Mia Wasikowska In, Emma Stone Out Of Del Toro’s CRIMSON PEAK

MiaWasikowska1

There’s been a bit of a casting shakeup in Guillermo Del Toro’s upcoming haunted house thriller Crimson Peak. Alice In Wonderland’s Mia Wasikowska will be taking over the lead role Emma Stone had originally been attached to. Stone apparently departed the project last month when a scheduling conflict could not be resolved. Wasikowska’s reps are currently hammering out her deal with the project’s producers Legendary Pictures.

Wasikowska will be playing Edith Cushing, a recently married writer who discovers that her husband is not at all what he seems to be. Benedict Cumberbatch, Jessica Chastain and del Toro’s Pacific Rim co-star Charlie Hunnam have already been hired for the film.

Both Wasikowska and Stone are competent actors, so I don’t think there will be much of an impact on the final film, though as a fan of Emma Stone’s I am sorry to see her go.

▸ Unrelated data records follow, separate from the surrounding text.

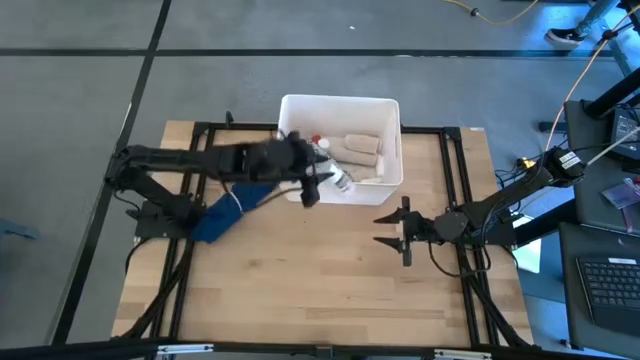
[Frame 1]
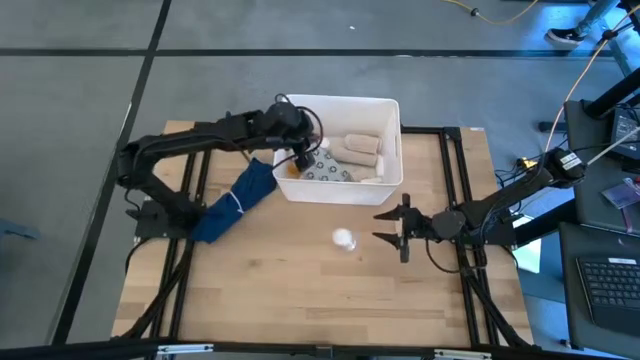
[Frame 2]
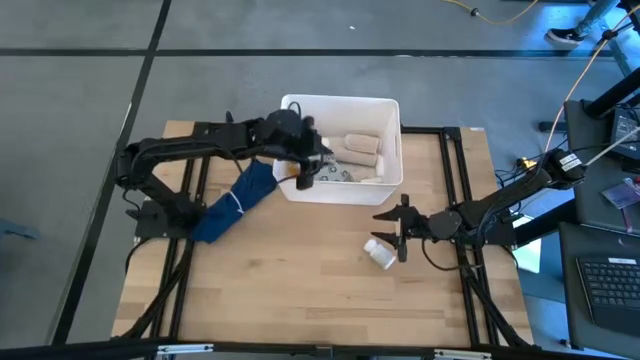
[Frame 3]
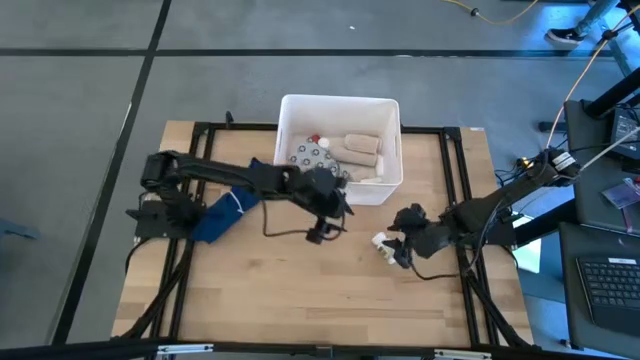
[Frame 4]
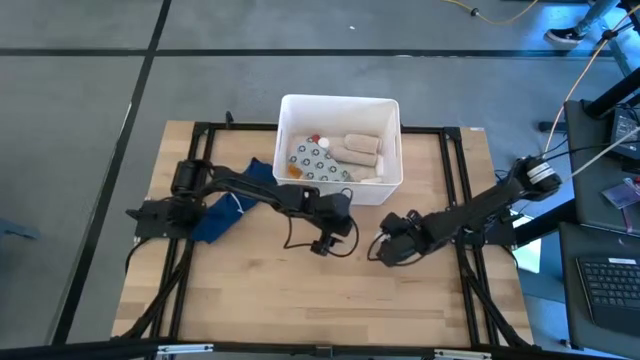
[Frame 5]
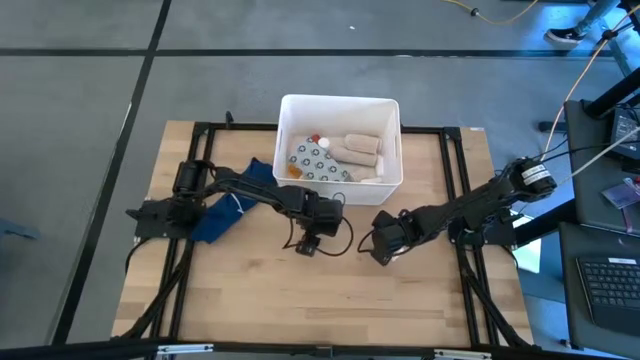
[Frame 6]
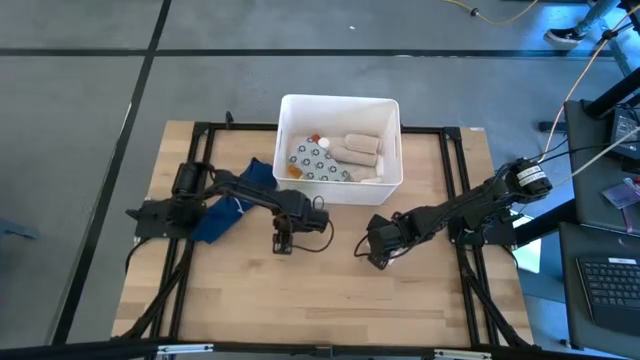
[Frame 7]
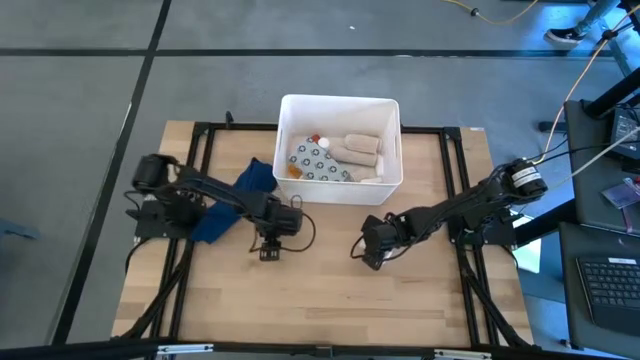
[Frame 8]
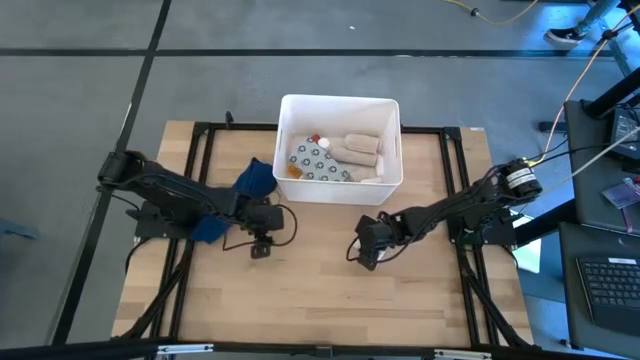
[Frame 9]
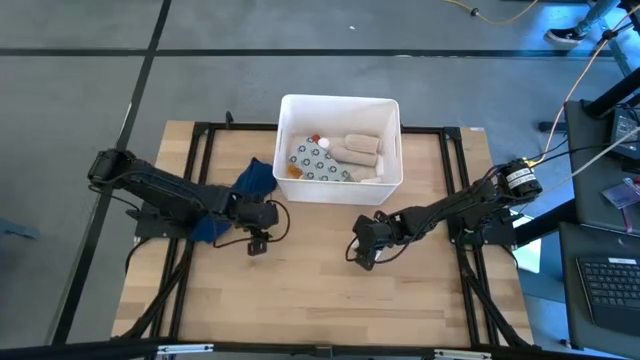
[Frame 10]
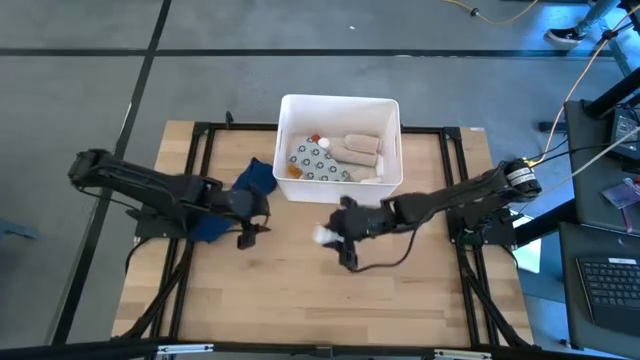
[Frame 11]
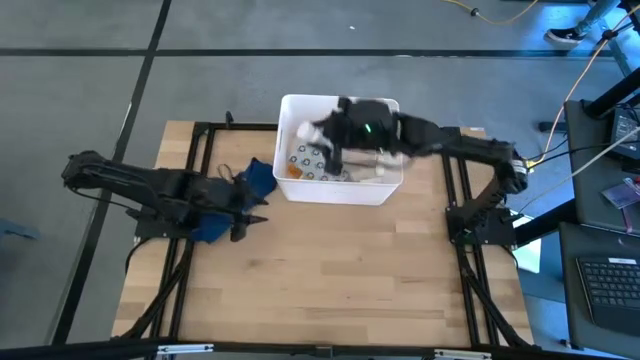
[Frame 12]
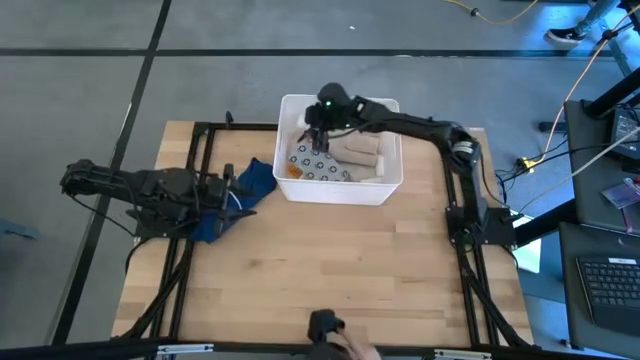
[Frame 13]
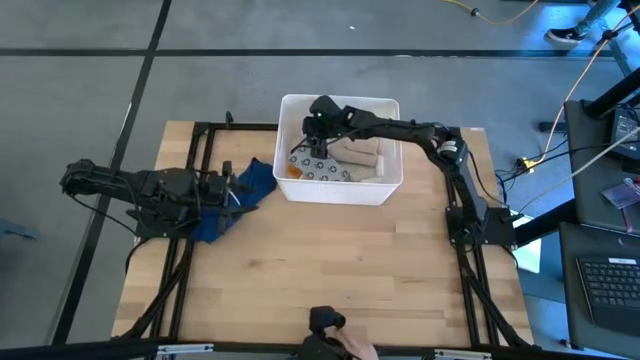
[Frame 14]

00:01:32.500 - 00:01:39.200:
Task: Pick & place medical supplies in basket/bin
Put the white and green pill bottle into the white bin

Crimson Peak is a project that has been on Del Toro’s backburner for a while now. He first wrote and then sold the screenplay to Universal back in 2007 after he had completed Pan’s Labyrinth. The chance to do Hellboy II and then the two years in New Zealand he spent working on developing The Hobbit with Peter Jackson kept him from doing the film for the studio. More recently, Del Toro was asked by Legendary what he would like to do as his next project and he sent them the scripts to his long in-development adaptation of H. P. Lovecraft’s At The Mountains Of Madness (which Universal had also shown a brief interest in), an adaptation of The Count Of Monte Cristo he had been trying to get going for nearly 20 years and Crimson Peak and was pleasantly surprised when they came back with Peak as the project they wanted to finance.

Via The Wrap.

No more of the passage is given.